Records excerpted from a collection
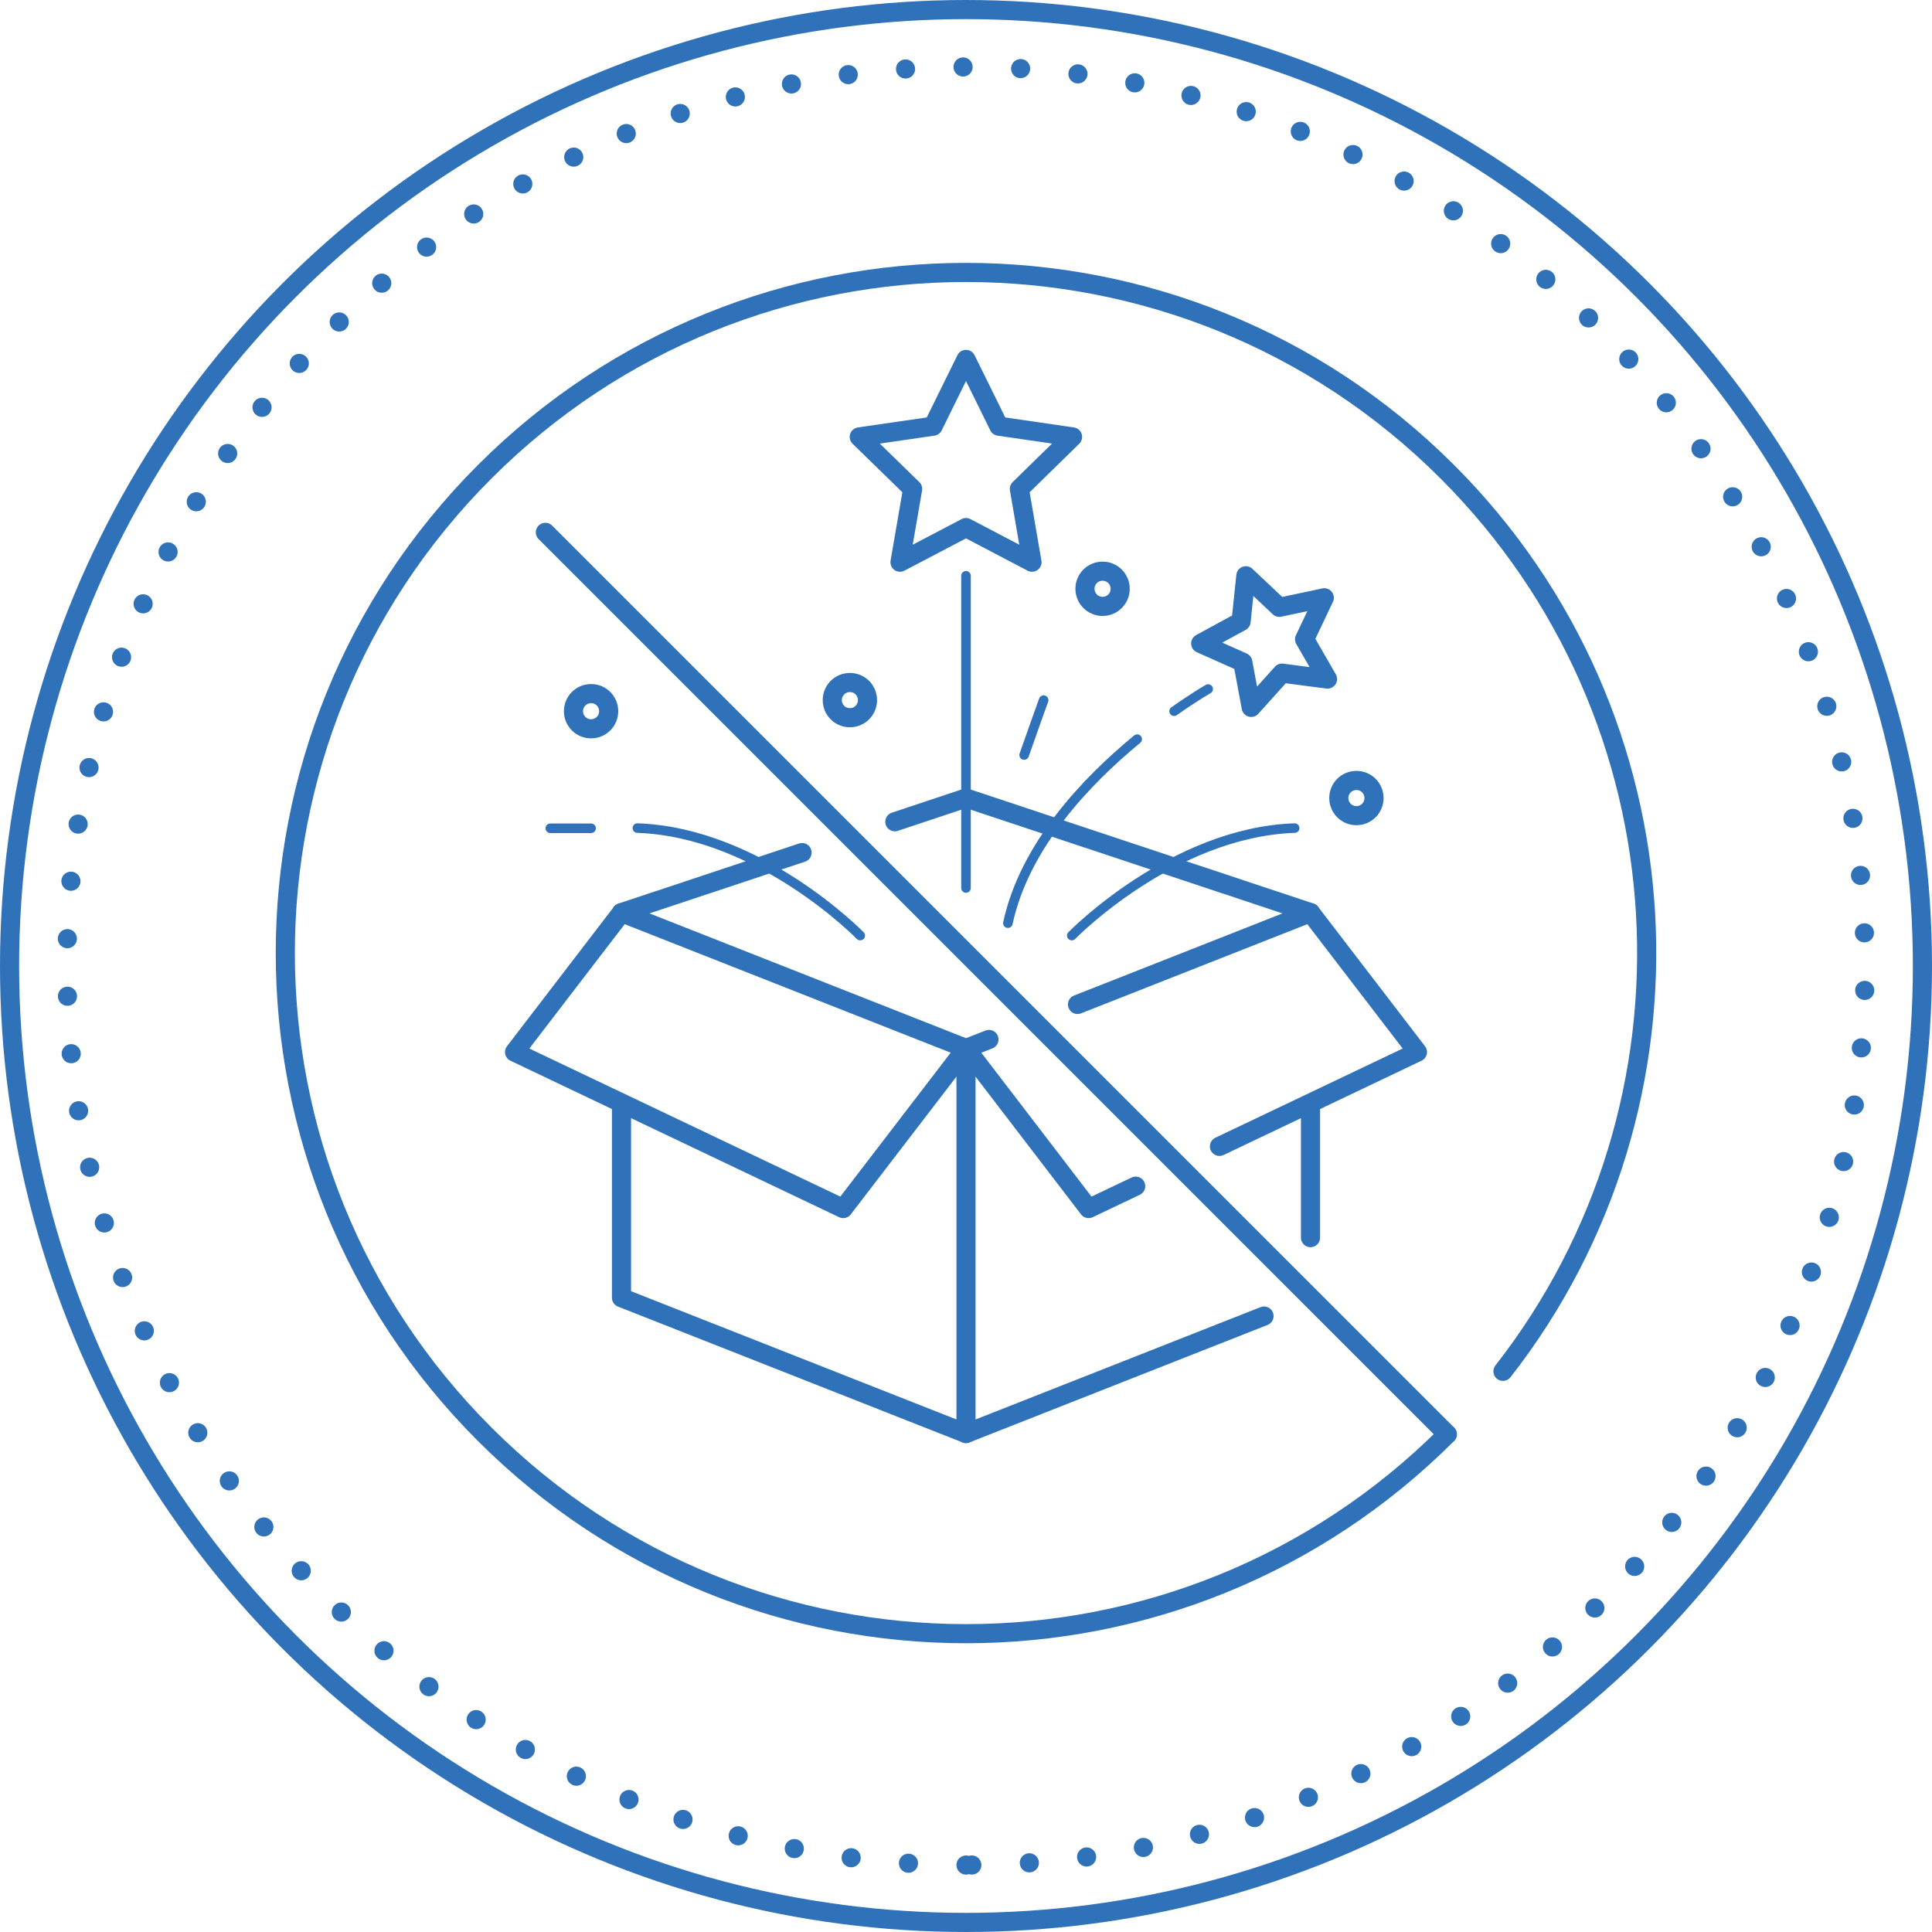 <?xml version="1.0" encoding="UTF-8"?>
<svg id="Vrstva_2" data-name="Vrstva 2" xmlns="http://www.w3.org/2000/svg" viewBox="0 0 101 101">
  <defs>
    <style>
      .cls-1 {
        stroke-dasharray: 0 3.01;
      }

      .cls-1, .cls-2, .cls-3 {
        fill: none;
        stroke: #2f72b9;
        stroke-linecap: round;
        stroke-linejoin: round;
      }

      .cls-2 {
        stroke-width: .5px;
      }
    </style>
  </defs>
  <g id="Vrstva_2-2" data-name="Vrstva 2">
    <path class="cls-1" d="M50.5,97.5c-25.92,0-47-21.08-47-47S24.58,3.5,50.5,3.5s47,21.08,47,47-21.08,47-47,47Z"/>
    <circle class="cls-3" cx="50.5" cy="50.5" r="50"/>
    <polyline class="cls-3" points="56.33 52.51 68.51 47.71 50.5 41.72 46.78 42.96"/>
    <polyline class="cls-3" points="41.93 44.57 32.49 47.71 50.5 54.81 51.7 54.34"/>
    <line class="cls-3" x1="68.51" y1="64.7" x2="68.51" y2="57.91"/>
    <polyline class="cls-3" points="32.49 57.91 32.49 67.84 50.5 74.94 66.08 68.8"/>
    <line class="cls-3" x1="50.5" y1="54.81" x2="50.5" y2="74.94"/>
    <polyline class="cls-3" points="63.75 59.93 74.1 55 68.51 47.71"/>
    <polyline class="cls-3" points="50.5 54.81 56.91 63.18 59.37 62.01"/>
    <polyline class="cls-3" points="50.5 54.81 44.08 63.18 26.9 55 32.49 47.71"/>
    <path class="cls-3" d="M75.66,74.98c-13.9,13.9-36.42,13.9-50.32,0-13.9-13.89-13.9-36.42,0-50.32,13.89-13.89,36.42-13.89,50.32,0,12.85,12.85,13.82,33.07,2.91,47.03"/>
    <line class="cls-3" x1="28.51" y1="27.83" x2="75.66" y2="74.98"/>
    <polygon class="cls-3" points="50.5 18.79 52.22 22.28 56.07 22.84 53.29 25.56 53.95 29.39 50.5 27.58 47.05 29.39 47.71 25.56 44.92 22.84 48.78 22.28 50.5 18.79"/>
    <polygon class="cls-3" points="69.23 31.25 68.2 33.42 69.4 35.5 67.02 35.19 65.41 36.98 64.97 34.62 62.77 33.64 64.88 32.49 65.13 30.1 66.88 31.75 69.23 31.25"/>
    <line class="cls-2" x1="50.5" y1="30.1" x2="50.5" y2="46.42"/>
    <path class="cls-2" d="M59.45,38.64c-2.65,2.18-5.89,5.57-6.76,9.62"/>
    <path class="cls-2" d="M63.16,36.02s-.72.41-1.78,1.16"/>
    <path class="cls-3" d="M58.56,30.78c0,.51-.41.92-.92.92s-.92-.41-.92-.92.41-.92.92-.92.92.41.92.92Z"/>
    <path class="cls-3" d="M71.83,41.72c0,.51-.41.92-.92.92s-.92-.41-.92-.92.41-.92.92-.92.92.41.92.92Z"/>
    <path class="cls-3" d="M31.82,37.18c0,.51-.41.92-.92.92s-.92-.41-.92-.92.41-.92.92-.92.92.41.92.92Z"/>
    <path class="cls-3" d="M45.35,36.6c0,.51-.41.92-.92.92s-.92-.41-.92-.92.41-.92.92-.92.92.41.92.92Z"/>
    <path class="cls-2" d="M56.03,48.91s5.26-5.4,11.65-5.62"/>
    <path class="cls-2" d="M44.97,48.91s-5.26-5.4-11.65-5.62"/>
    <path class="cls-2" d="M54.56,36.6s-.6,1.66-1.02,2.87"/>
    <line class="cls-2" x1="30.9" y1="43.3" x2="28.77" y2="43.3"/>
  </g>
</svg>

## [Exercise prompt]
What you output should match the records line for line, minus the pictures.

## [Exercise solution]
 <?xml version="1.0" encoding="UTF-8"?>
<svg id="Vrstva_2" data-name="Vrstva 2" xmlns="http://www.w3.org/2000/svg" viewBox="0 0 101 101">
  <defs>
    <style>
      .cls-1 {
        stroke-dasharray: 0 3.01;
      }

      .cls-1, .cls-2, .cls-3 {
        fill: none;
        stroke: #2f72b9;
        stroke-linecap: round;
        stroke-linejoin: round;
      }

      .cls-2 {
        stroke-width: .5px;
      }
    </style>
  </defs>
  <g id="Vrstva_2-2" data-name="Vrstva 2">
    <path class="cls-1" d="M50.5,97.5c-25.92,0-47-21.08-47-47S24.58,3.5,50.5,3.5s47,21.08,47,47-21.08,47-47,47Z"/>
    <circle class="cls-3" cx="50.5" cy="50.5" r="50"/>
    <polyline class="cls-3" points="56.33 52.51 68.51 47.71 50.5 41.72 46.78 42.96"/>
    <polyline class="cls-3" points="41.93 44.57 32.49 47.71 50.5 54.81 51.7 54.34"/>
    <line class="cls-3" x1="68.51" y1="64.7" x2="68.51" y2="57.91"/>
    <polyline class="cls-3" points="32.49 57.91 32.49 67.84 50.5 74.94 66.08 68.8"/>
    <line class="cls-3" x1="50.5" y1="54.81" x2="50.5" y2="74.94"/>
    <polyline class="cls-3" points="63.75 59.93 74.1 55 68.51 47.71"/>
    <polyline class="cls-3" points="50.5 54.81 56.91 63.18 59.37 62.01"/>
    <polyline class="cls-3" points="50.5 54.81 44.08 63.18 26.9 55 32.49 47.71"/>
    <path class="cls-3" d="M75.66,74.98c-13.9,13.9-36.42,13.9-50.32,0-13.9-13.89-13.9-36.42,0-50.32,13.89-13.89,36.42-13.89,50.32,0,12.85,12.85,13.82,33.07,2.91,47.03"/>
    <line class="cls-3" x1="28.51" y1="27.83" x2="75.66" y2="74.98"/>
    <polygon class="cls-3" points="50.5 18.79 52.22 22.28 56.07 22.84 53.29 25.56 53.95 29.39 50.5 27.58 47.05 29.39 47.71 25.56 44.92 22.84 48.78 22.28 50.5 18.79"/>
    <polygon class="cls-3" points="69.23 31.25 68.2 33.42 69.4 35.5 67.02 35.19 65.41 36.98 64.97 34.62 62.77 33.64 64.88 32.49 65.13 30.1 66.88 31.75 69.23 31.25"/>
    <line class="cls-2" x1="50.5" y1="30.1" x2="50.5" y2="46.42"/>
    <path class="cls-2" d="M59.45,38.64c-2.65,2.18-5.89,5.57-6.76,9.62"/>
    <path class="cls-2" d="M63.16,36.02s-.72.41-1.78,1.16"/>
    <path class="cls-3" d="M58.56,30.78c0,.51-.41.92-.92.92s-.92-.41-.92-.92.41-.92.92-.92.92.41.92.92Z"/>
    <path class="cls-3" d="M71.83,41.72c0,.51-.41.92-.92.92s-.92-.41-.92-.92.41-.92.92-.92.92.41.92.92Z"/>
    <path class="cls-3" d="M31.82,37.18c0,.51-.41.92-.92.92s-.92-.41-.92-.92.41-.92.92-.92.92.41.92.92Z"/>
    <path class="cls-3" d="M45.35,36.6c0,.51-.41.92-.92.92s-.92-.41-.92-.92.41-.92.92-.92.92.41.92.92Z"/>
    <path class="cls-2" d="M56.03,48.91s5.26-5.4,11.65-5.62"/>
    <path class="cls-2" d="M44.97,48.91s-5.26-5.4-11.65-5.62"/>
    <path class="cls-2" d="M54.56,36.6s-.6,1.66-1.02,2.87"/>
    <line class="cls-2" x1="30.9" y1="43.3" x2="28.77" y2="43.3"/>
  </g>
</svg>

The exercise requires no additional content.